Though I’m still interested in those moments of intense connection to transcendance/immanence that some call epiphany, I’m also interested in what I begin to think of as a new religion — though it’s not a religion as I understand it.
Probably you understand “religion” as institutionally defined groups of people who presumably see the world about the same way, either because where that system of meaning had developed or because of a sweeping idea that seemed to guide sustainable life. The problem that has developed is that these systems for human belief and behavior were designed in one place but now they’ve been moved to new places with different enough ecologies that they don’t quite work.
At the same time the environments are changing, not just physically and geographically, but in terms of human thought and ethical patterns which now must somehow include the whole planet. The paradigm shift that has most vividly come to my life is that between the agricultural patterns to the city/technical world. In fact, it underlies much of the difficulty of the US Constitution which was written by and for land-owners centuries ago.
The assumptions of the land-owning agriculturalist are that productivity is key, ownership is assumed, families are the systems, and consumption is local. It’s also based on white, Euro-trained, old men who identify with a subset of human beings who are all like them, excluding women, indigenous people, poor people, and people they “own.”
https://www.stockholmresilience.org/research/planetary-boundaries.html
Midway through the 13th century, for example, parts of the Northern Hemisphere started cooling. The causes were complex, but involved some combination of cyclical changes in the orientation of Earth’s rotational axis, repeated declines in solar radiation, random fluctuations in oceanic and atmospheric currents, and volcanic eruptions that temporarily shrouded the Earth in veils of sunlight-scattering sulphur dioxide.

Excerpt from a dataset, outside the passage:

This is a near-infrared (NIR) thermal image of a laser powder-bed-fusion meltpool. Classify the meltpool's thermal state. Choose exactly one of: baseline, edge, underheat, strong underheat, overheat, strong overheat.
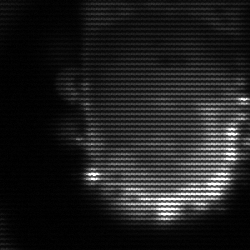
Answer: baseline

Temperatures across the Northern Hemisphere fluctuated for a while before cooling sharply in the 15th century. They rebounded briefly in the 16th, then dropped across much of the world – including the Southern Hemisphere – later in that century. Temperatures in some places warmed briefly halfway through the 17th century, then cooled again until early in the 18th. After several decades of modest warming, renewed cooling beset much of the world until midway through the 19th century, when persistent warming finally set in.
Other examples of societies that thrived during the Little Ice Age are now coming into focus. In the Americas, Indigenous communities appear to have been especially inventive and resilient in the face of the Little Ice Age. In the 16th and 17th centuries, for example, Neutral Iroquoians in Northeastern America adapted to a cooling climate by shifting away from sedentary agriculture, prioritising hunting and building smaller settlements. Neighbouring Iroquioan communities, by contrast, migrated and depended on decentralised social networks to share increasingly scarce resources. Some Algonquian societies adopted the opposite approach, abandoning egalitarian social orders in order to more effectively defend cornfields from rival communities. Wabanaki raiders used an Indigenous technology, the snowshoe, to outmanoeuvre English soldiers. And in the American Southwest, Mojave peoples learned how to store and transport food as effectively as any Dutch merchant.
Like the Dutch Republic, the vast Comanche polity that surged to prominence across the 18th-century Great Plains seems both to have benefitted from and adapted to the cooling of the Little Ice Age. Beginning in the 16th century, chilly, rainy weather encouraged bison to migrate and then expand rapidly across the plains. While many Indigenous societies moved to take advantage, the Comanche soon dominated them by combining guns and horses for both hunting and raiding. By exploiting the vast and growing bison herds, the Comanche of the 18th century gained the wealth to raid or trade with societies across the entire Great Plains region. When frost or drought provoked food shortages in one community, another far away usually experienced different weather and therefore had enough supplies to make up the shortfall.
In our current swirl and tumble — confused by the desire to go-back! go-back! which is impossible — we still have not picked out some of the major globe-transforming forces. For instance, the indigenous people of the Americas are vividly aware of what the invading Euros did to them, but entirely blank when considering why people would leave places: like war, famine, little Ice Ages. And few in America have any notion of what the other end of Eurasia — China, India, Polynesia — were doing at the same time. Why didn’t India invade the “Indians”? Why did China mind its own business?
Come to that, why didn’t the indigenous people of the Americas — some of whom had big boats and some of whom probably washed over to America from Polynesia on the ocean currents — stage an invasion of London? (Leaving aside the question of what they would do with it if they conquered it.)
Incredibly, some people — often the same indigenous people who suffered from the old assumptions of how humans got here and what they should do about it — are clinging to the very systems that damaged them. But all along there have been people willing to use the new amazing scientific knowledge about everything from cells to galaxies. The hardships make maps of the underlying causes of change and sometimes tragedy.
So now we are all immigrants across Time, in a new place. Ten thousand years since the invention of agriculture, they say, which made it possible to overpopulate the earth and expose ourselves to deadly viruses in order to take their land. The viruses are indigenous, right? And we’ve about worn out our clever antibiotics. Spaceships are just another version of sailing ships and we forget how destructive those could be even to their crews, how chancy the profits were. Were they even profit rather than destruction?